Stored entries

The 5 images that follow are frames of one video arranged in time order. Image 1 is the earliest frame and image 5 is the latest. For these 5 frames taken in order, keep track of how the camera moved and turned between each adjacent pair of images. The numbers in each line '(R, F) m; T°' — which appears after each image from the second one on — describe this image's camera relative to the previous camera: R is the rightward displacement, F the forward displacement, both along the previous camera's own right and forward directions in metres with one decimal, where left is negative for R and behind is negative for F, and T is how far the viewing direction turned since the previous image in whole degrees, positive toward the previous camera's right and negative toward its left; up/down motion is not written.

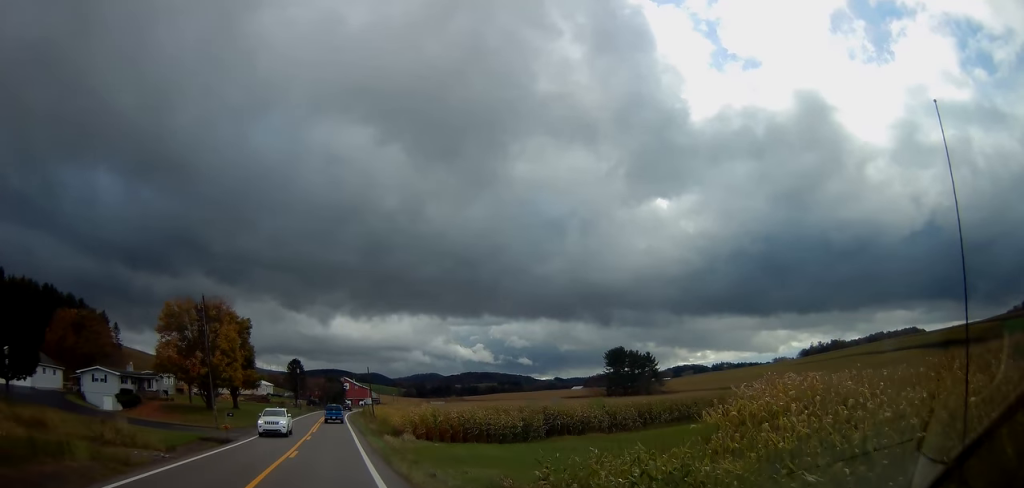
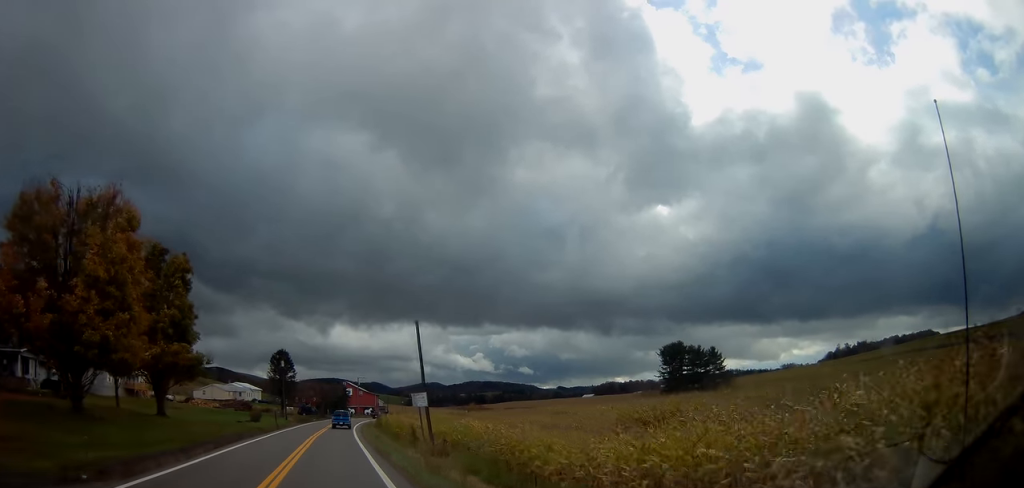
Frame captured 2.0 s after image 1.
(-0.4, +36.4) m; 0°
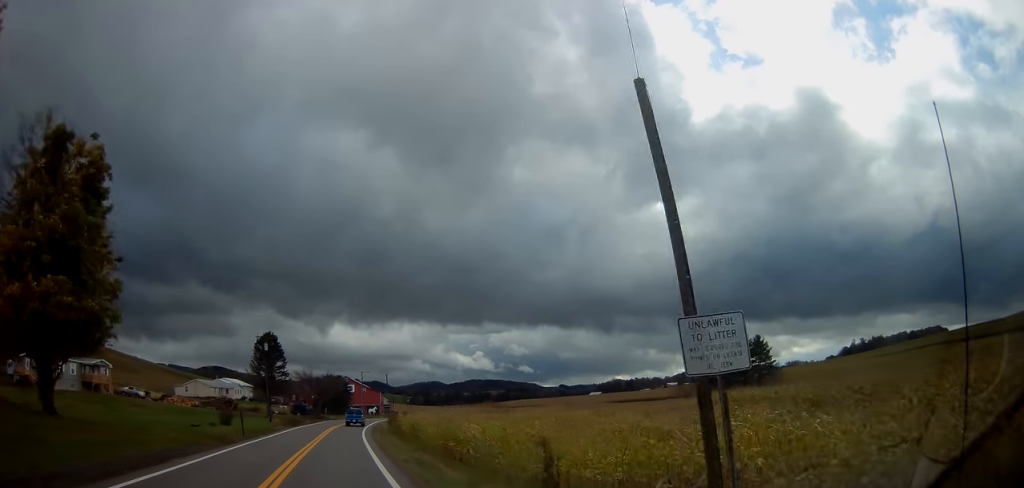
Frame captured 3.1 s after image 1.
(0.0, +20.0) m; 0°
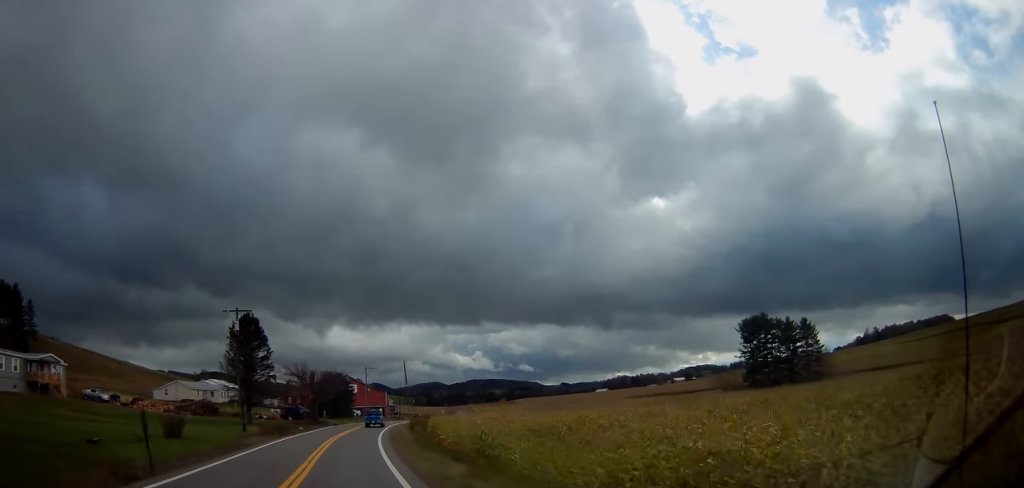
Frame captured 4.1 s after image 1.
(0.0, +18.2) m; +1°
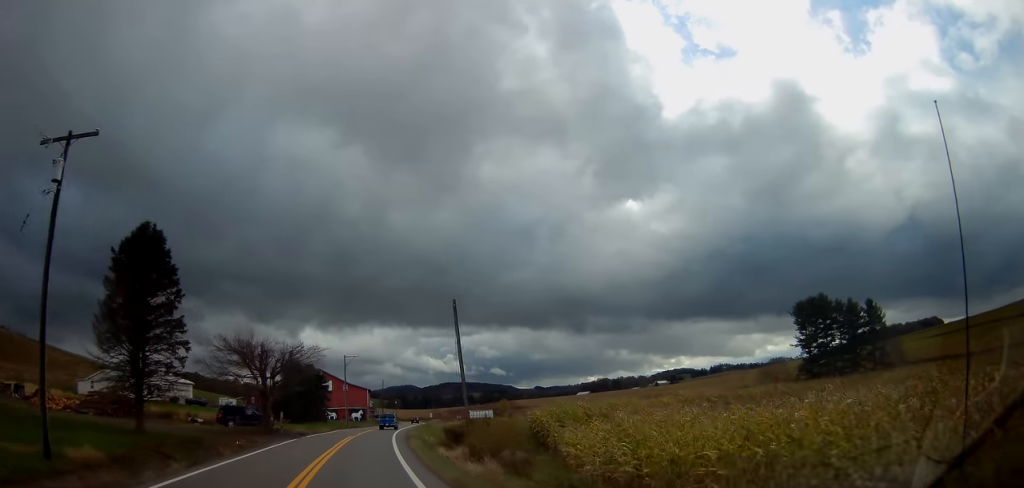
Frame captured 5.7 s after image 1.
(+0.7, +29.0) m; +3°
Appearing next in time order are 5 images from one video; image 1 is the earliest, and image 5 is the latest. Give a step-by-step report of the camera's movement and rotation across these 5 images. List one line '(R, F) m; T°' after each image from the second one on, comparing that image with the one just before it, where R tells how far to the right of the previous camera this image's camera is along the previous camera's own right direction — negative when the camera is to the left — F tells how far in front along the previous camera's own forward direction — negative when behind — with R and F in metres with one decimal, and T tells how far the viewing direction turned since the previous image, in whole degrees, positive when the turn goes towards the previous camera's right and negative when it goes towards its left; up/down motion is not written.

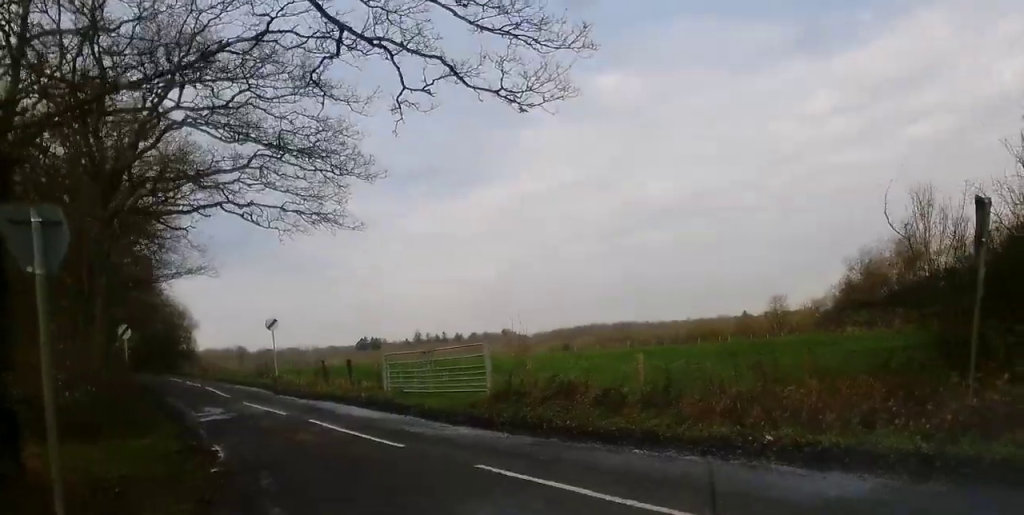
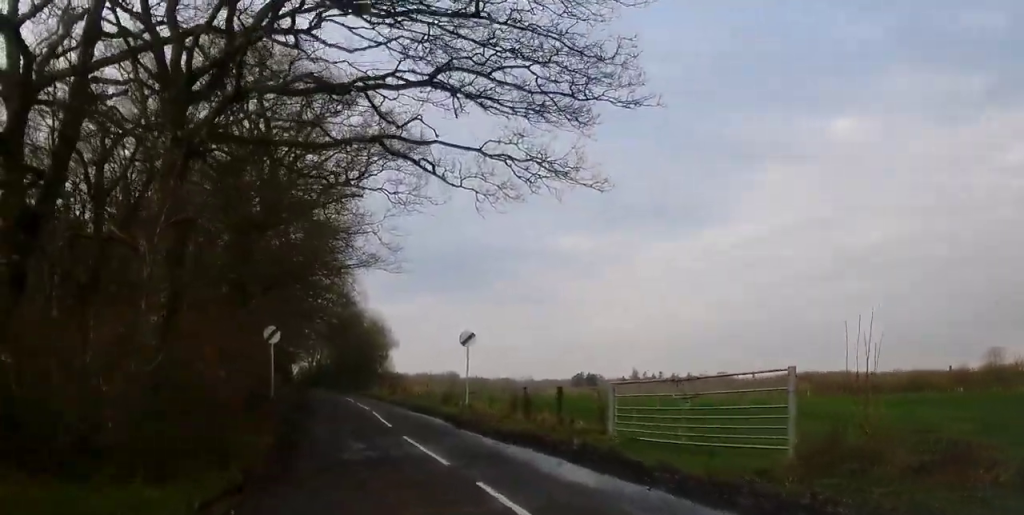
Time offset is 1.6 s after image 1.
(+0.2, +7.8) m; -9°
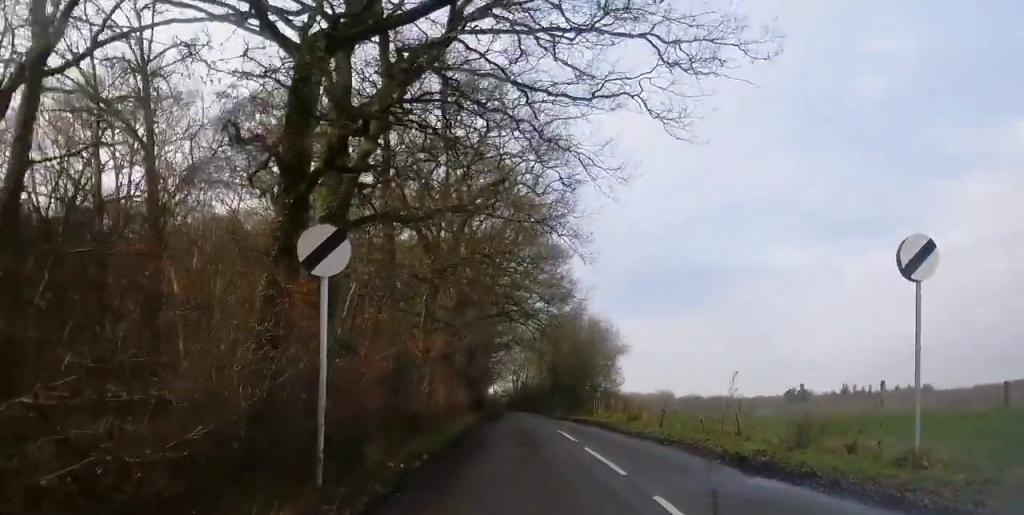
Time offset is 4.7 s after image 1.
(-8.5, +17.9) m; -28°
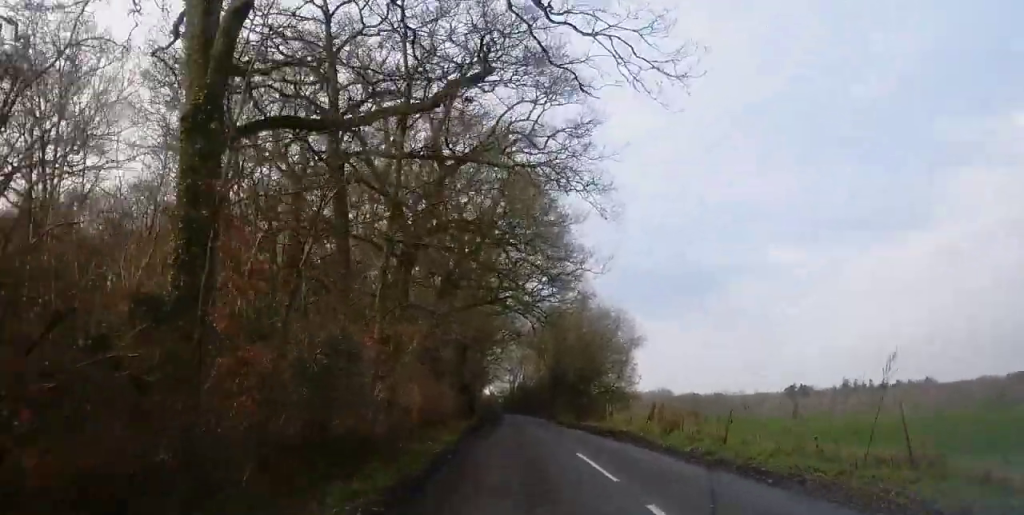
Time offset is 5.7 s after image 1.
(+0.2, +6.6) m; +4°
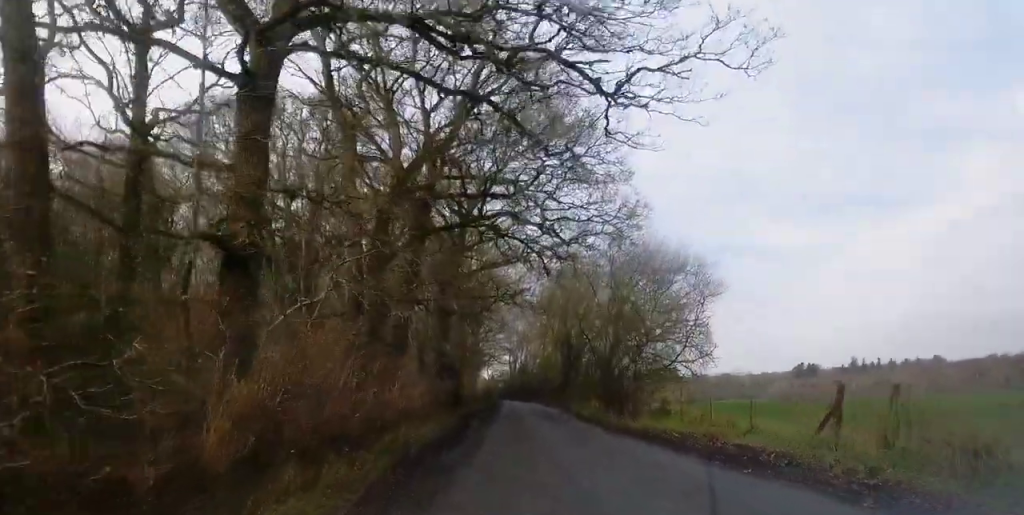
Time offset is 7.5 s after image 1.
(+0.1, +14.0) m; -4°

**Exercise instructions**
Output only the lines running from the line with "Appearing next in" through the last line of the entries above, inclusive, with pictures excluded.

**Response**
Appearing next in time order are 5 images from one video; image 1 is the earliest, and image 5 is the latest. Give a step-by-step report of the camera's movement and rotation across these 5 images. List one line '(R, F) m; T°' after each image from the second one on, comparing that image with the one just before it, where R tells how far to the right of the previous camera this image's camera is along the previous camera's own right direction — negative when the camera is to the left — F tells how far in front along the previous camera's own forward direction — negative when behind — with R and F in metres with one decimal, and T tells how far the viewing direction turned since the previous image, in whole degrees, positive when the turn goes towards the previous camera's right and negative when it goes towards its left; up/down motion is not written.

Time offset is 1.6 s after image 1.
(+0.2, +7.8) m; -9°
Time offset is 4.7 s after image 1.
(-8.5, +17.9) m; -28°
Time offset is 5.7 s after image 1.
(+0.2, +6.6) m; +4°
Time offset is 7.5 s after image 1.
(+0.1, +14.0) m; -4°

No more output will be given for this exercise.